TASK BRIEF |
Exactly as written and without the pictures, output the entries below.

#####

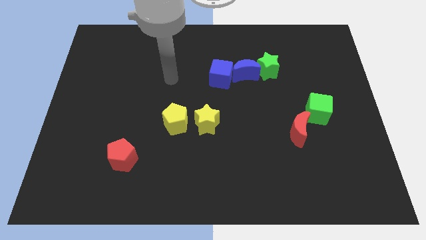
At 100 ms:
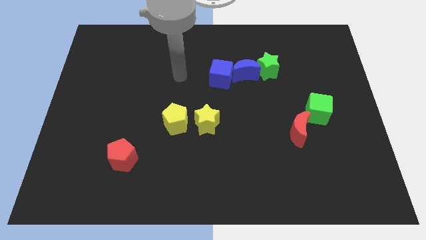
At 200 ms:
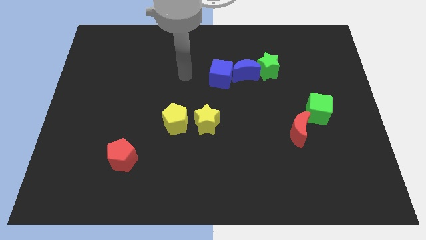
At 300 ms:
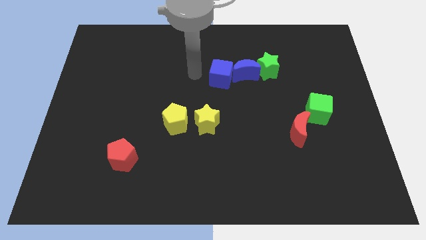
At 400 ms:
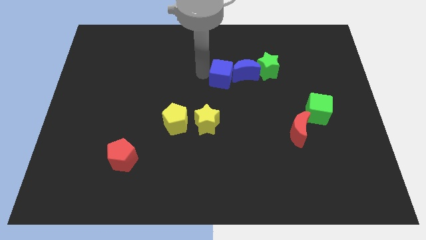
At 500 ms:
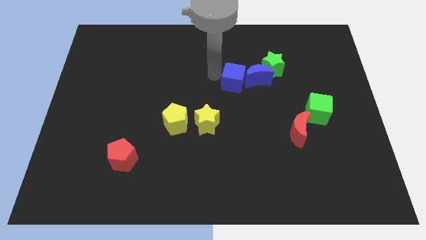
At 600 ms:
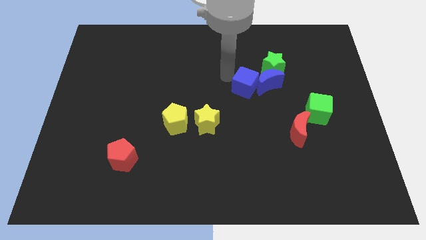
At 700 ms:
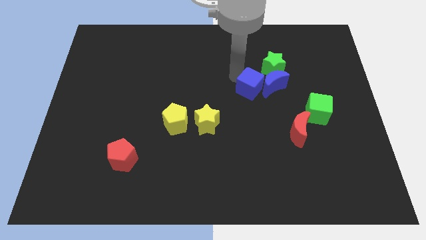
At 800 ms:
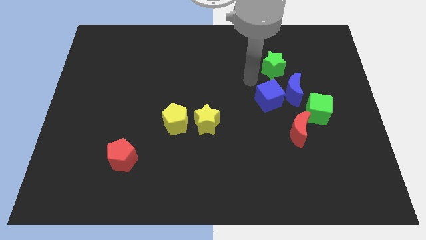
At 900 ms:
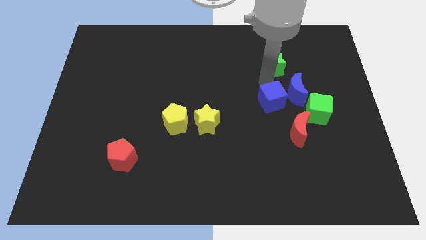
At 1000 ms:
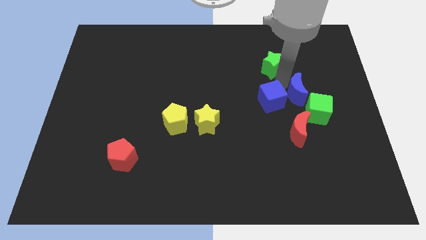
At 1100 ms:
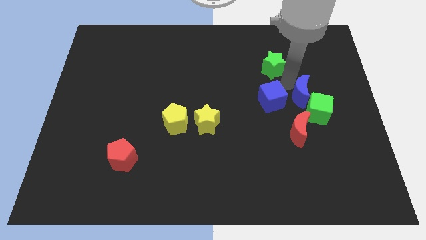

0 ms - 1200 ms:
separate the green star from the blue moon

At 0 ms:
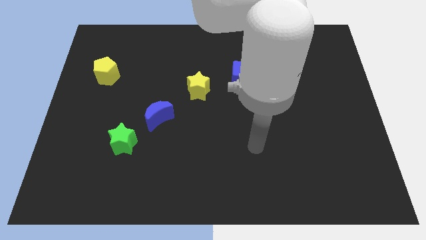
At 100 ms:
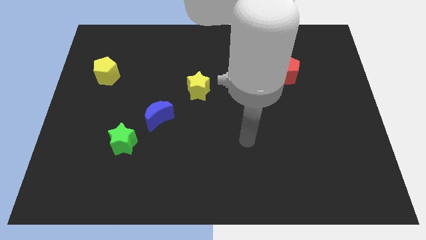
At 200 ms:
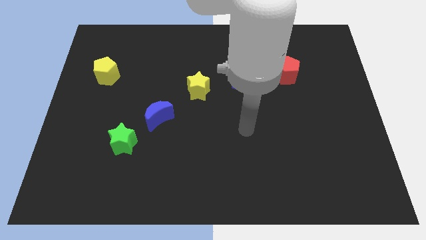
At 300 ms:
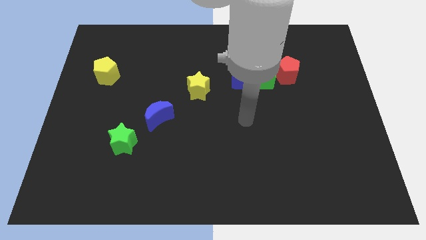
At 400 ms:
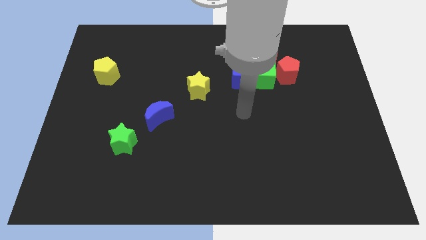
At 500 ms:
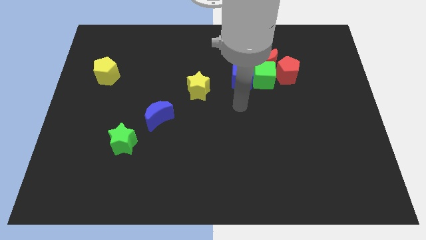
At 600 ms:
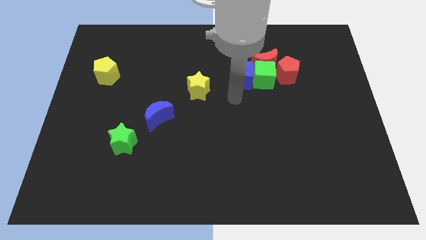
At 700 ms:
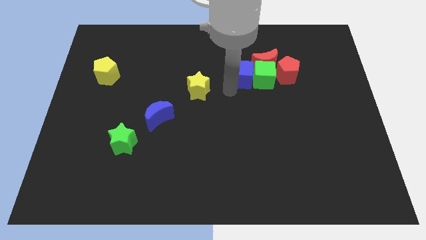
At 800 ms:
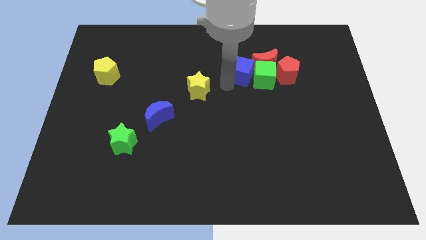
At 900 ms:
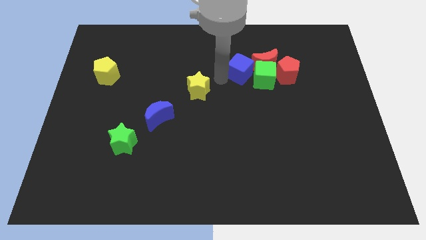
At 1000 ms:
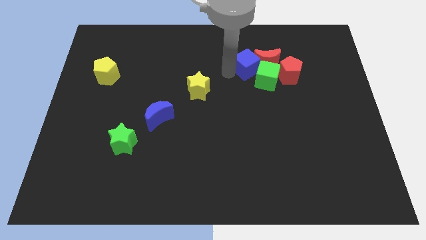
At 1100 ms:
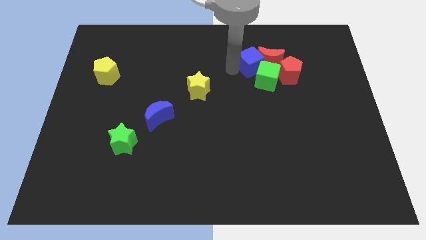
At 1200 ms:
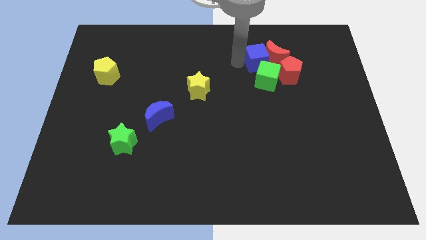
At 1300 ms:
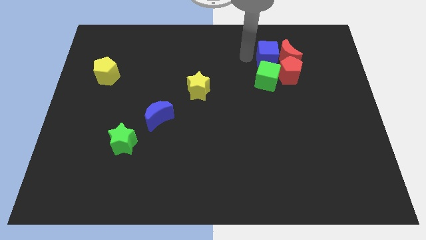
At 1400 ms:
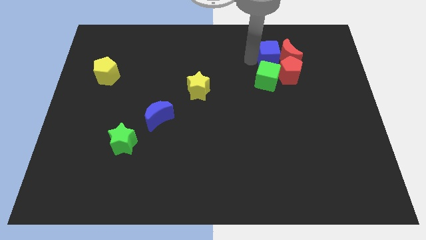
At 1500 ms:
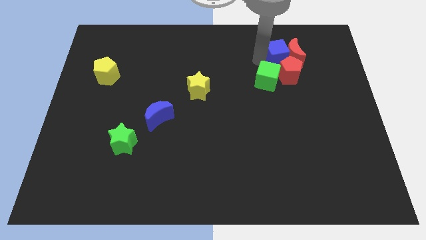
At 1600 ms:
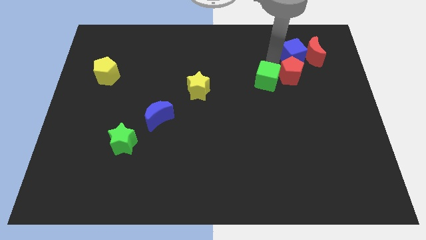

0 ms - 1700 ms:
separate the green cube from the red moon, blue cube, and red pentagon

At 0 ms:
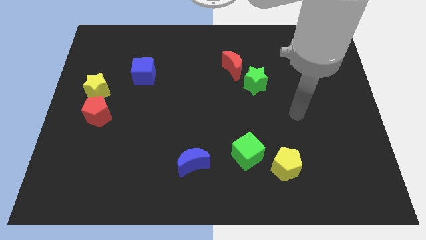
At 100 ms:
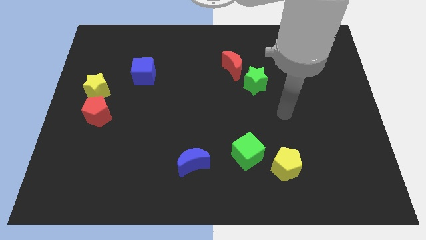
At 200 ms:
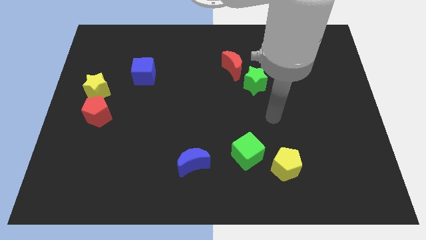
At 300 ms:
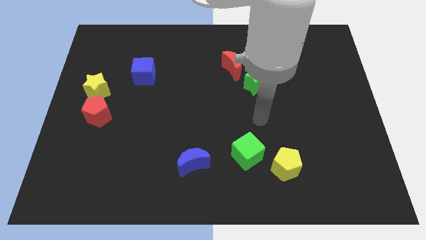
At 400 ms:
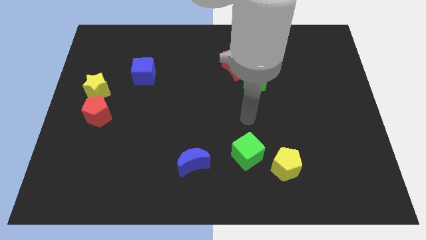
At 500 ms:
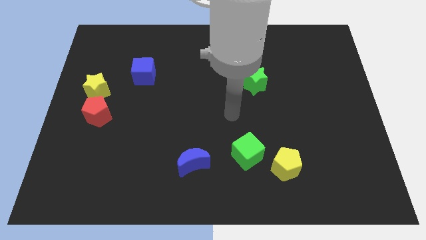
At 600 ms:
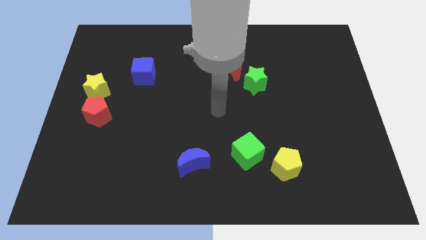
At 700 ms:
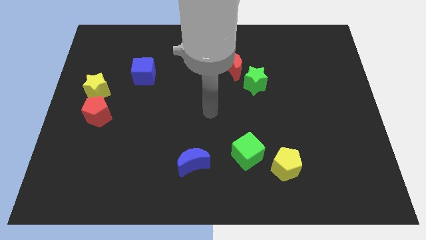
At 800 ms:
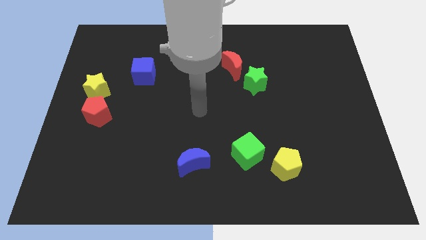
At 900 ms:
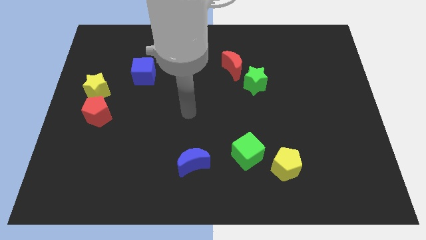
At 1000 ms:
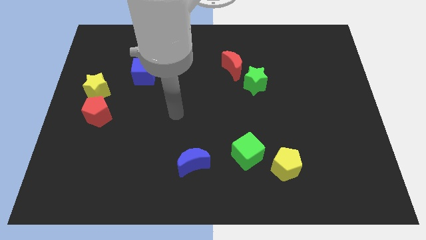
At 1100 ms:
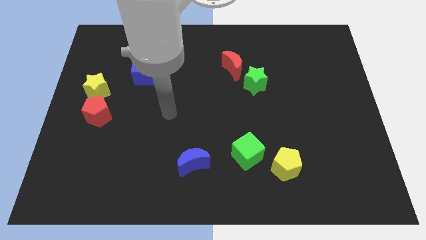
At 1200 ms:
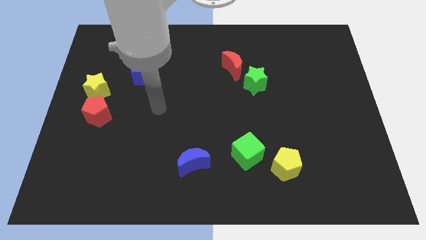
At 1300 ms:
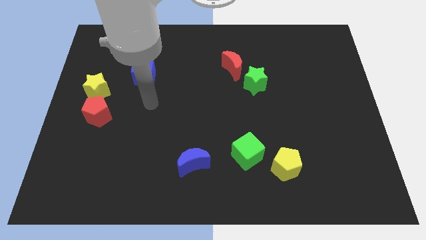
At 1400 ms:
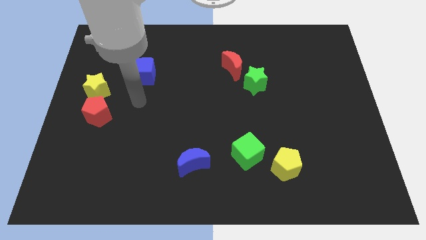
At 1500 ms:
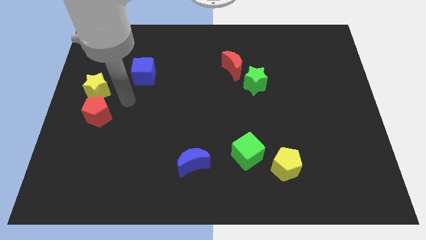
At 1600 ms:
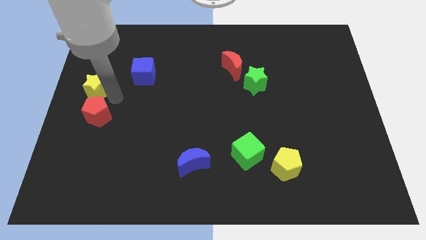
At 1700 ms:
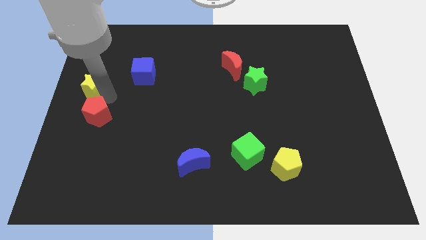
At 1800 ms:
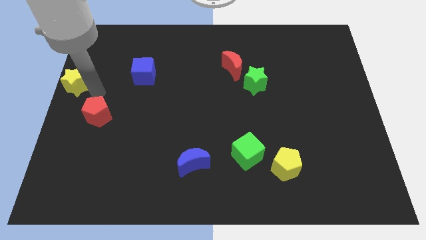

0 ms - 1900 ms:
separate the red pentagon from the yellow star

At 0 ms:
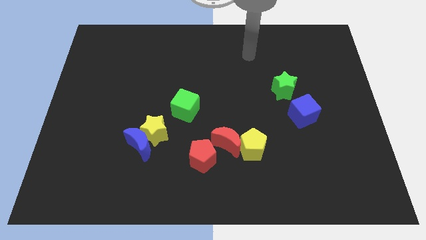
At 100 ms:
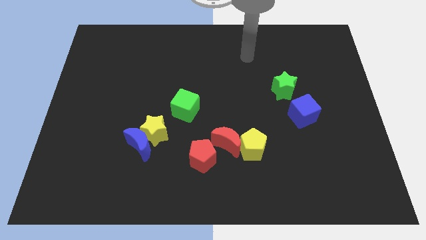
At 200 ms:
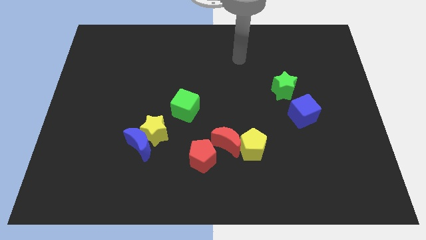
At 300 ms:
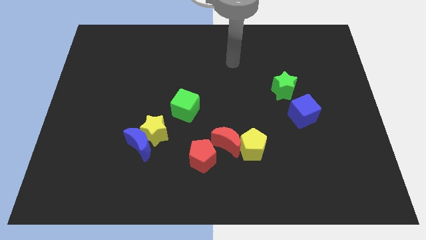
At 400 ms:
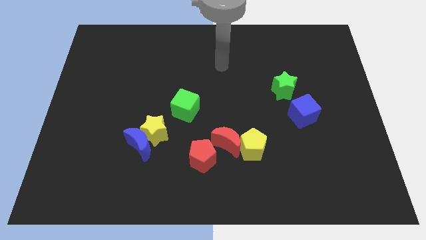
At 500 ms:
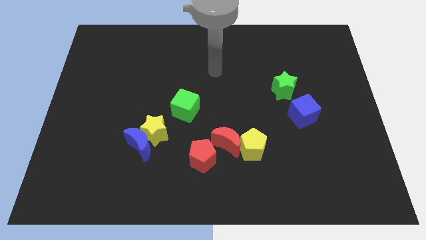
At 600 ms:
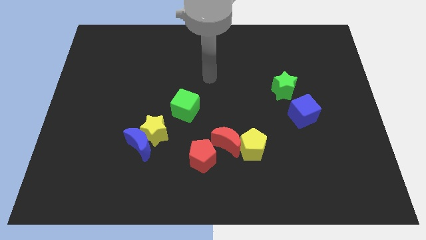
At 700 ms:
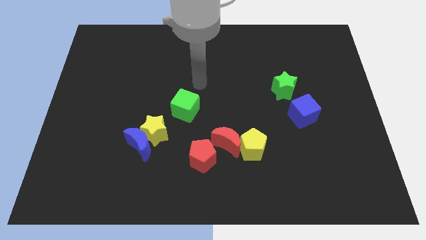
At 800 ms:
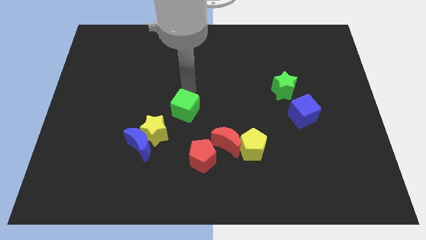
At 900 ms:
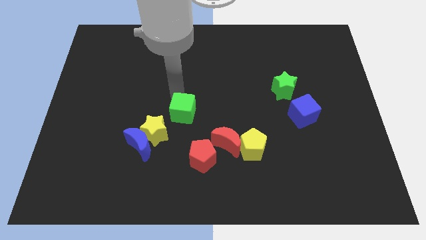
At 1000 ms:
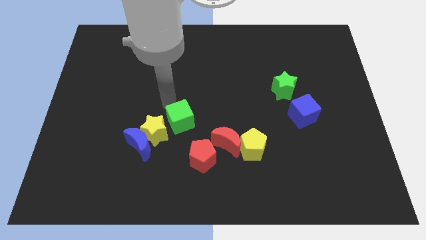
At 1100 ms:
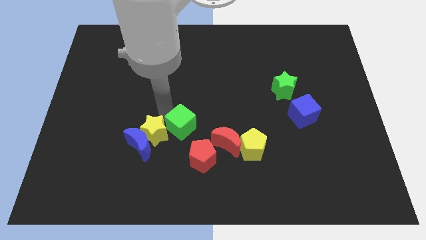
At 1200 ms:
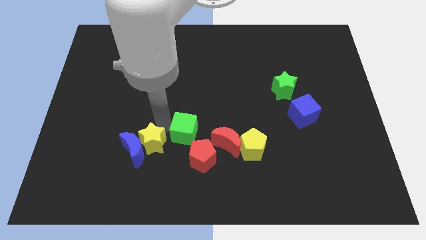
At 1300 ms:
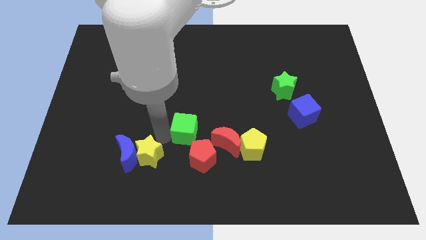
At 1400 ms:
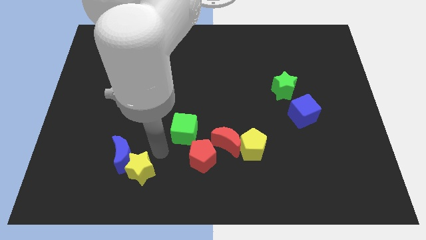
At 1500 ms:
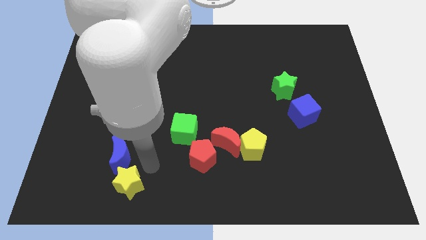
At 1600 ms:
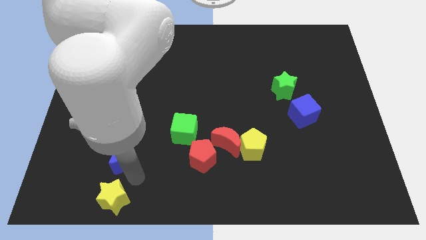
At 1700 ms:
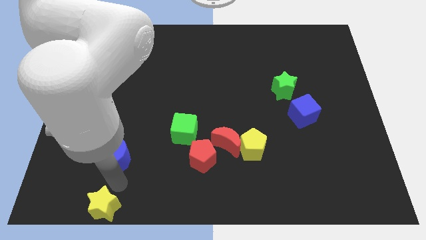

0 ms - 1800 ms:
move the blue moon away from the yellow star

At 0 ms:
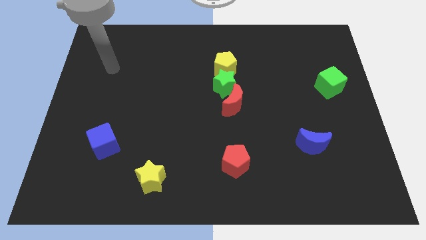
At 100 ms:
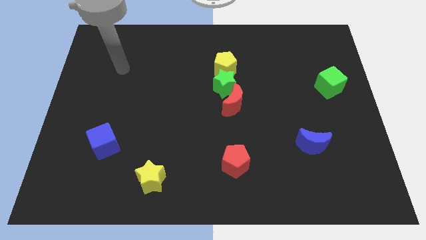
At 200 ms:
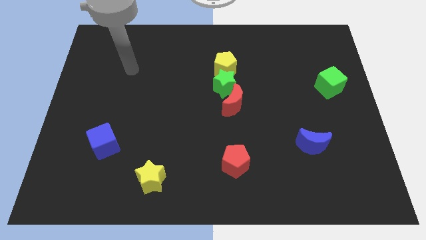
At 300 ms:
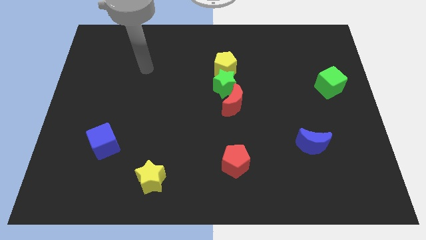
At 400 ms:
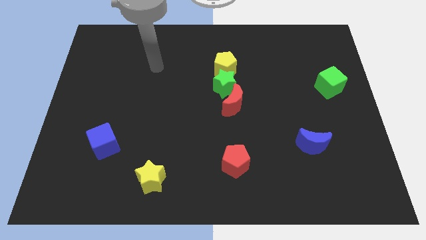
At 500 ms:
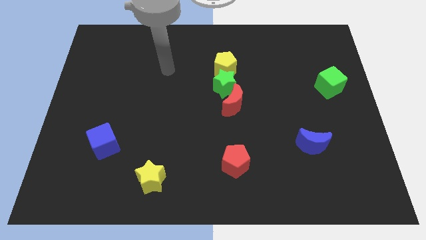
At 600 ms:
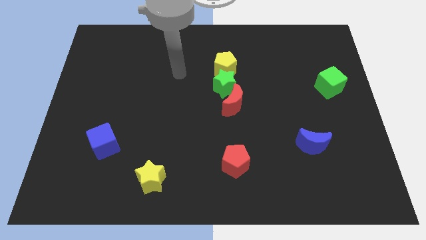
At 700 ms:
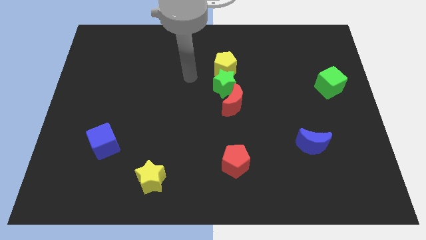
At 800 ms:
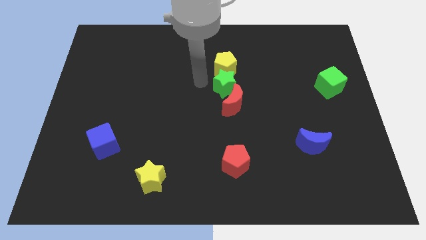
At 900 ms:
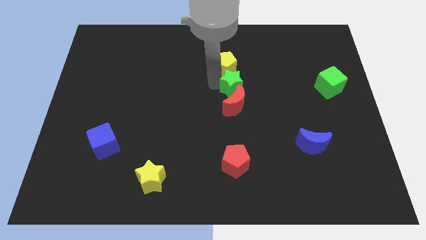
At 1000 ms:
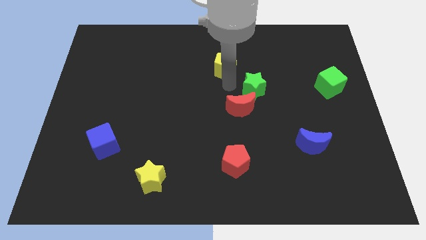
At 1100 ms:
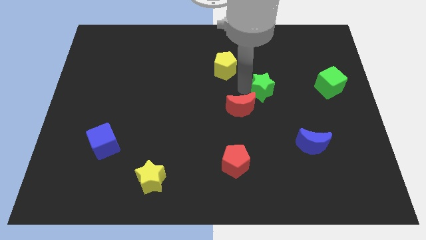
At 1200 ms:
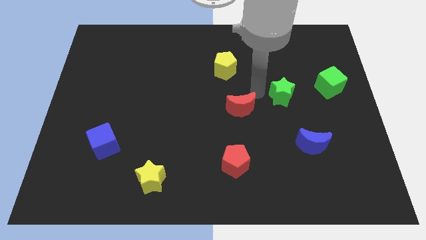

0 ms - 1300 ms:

#####

EXERCISE OUTPUT |
At 100 ms:
At 200 ms:
At 300 ms:
At 400 ms:
At 500 ms:
At 600 ms:
At 700 ms:
At 800 ms:
At 900 ms:
At 1000 ms:
At 1100 ms:

0 ms - 1200 ms:
separate the green star from the blue moon

At 0 ms:
At 100 ms:
At 200 ms:
At 300 ms:
At 400 ms:
At 500 ms:
At 600 ms:
At 700 ms:
At 800 ms:
At 900 ms:
At 1000 ms:
At 1100 ms:
At 1200 ms:
At 1300 ms:
At 1400 ms:
At 1500 ms:
At 1600 ms:

0 ms - 1700 ms:
separate the green cube from the red moon, blue cube, and red pentagon

At 0 ms:
At 100 ms:
At 200 ms:
At 300 ms:
At 400 ms:
At 500 ms:
At 600 ms:
At 700 ms:
At 800 ms:
At 900 ms:
At 1000 ms:
At 1100 ms:
At 1200 ms:
At 1300 ms:
At 1400 ms:
At 1500 ms:
At 1600 ms:
At 1700 ms:
At 1800 ms:

0 ms - 1900 ms:
separate the red pentagon from the yellow star

At 0 ms:
At 100 ms:
At 200 ms:
At 300 ms:
At 400 ms:
At 500 ms:
At 600 ms:
At 700 ms:
At 800 ms:
At 900 ms:
At 1000 ms:
At 1100 ms:
At 1200 ms:
At 1300 ms:
At 1400 ms:
At 1500 ms:
At 1600 ms:
At 1700 ms:

0 ms - 1800 ms:
move the blue moon away from the yellow star

At 0 ms:
At 100 ms:
At 200 ms:
At 300 ms:
At 400 ms:
At 500 ms:
At 600 ms:
At 700 ms:
At 800 ms:
At 900 ms:
At 1000 ms:
At 1100 ms:
At 1200 ms:

0 ms - 1300 ms:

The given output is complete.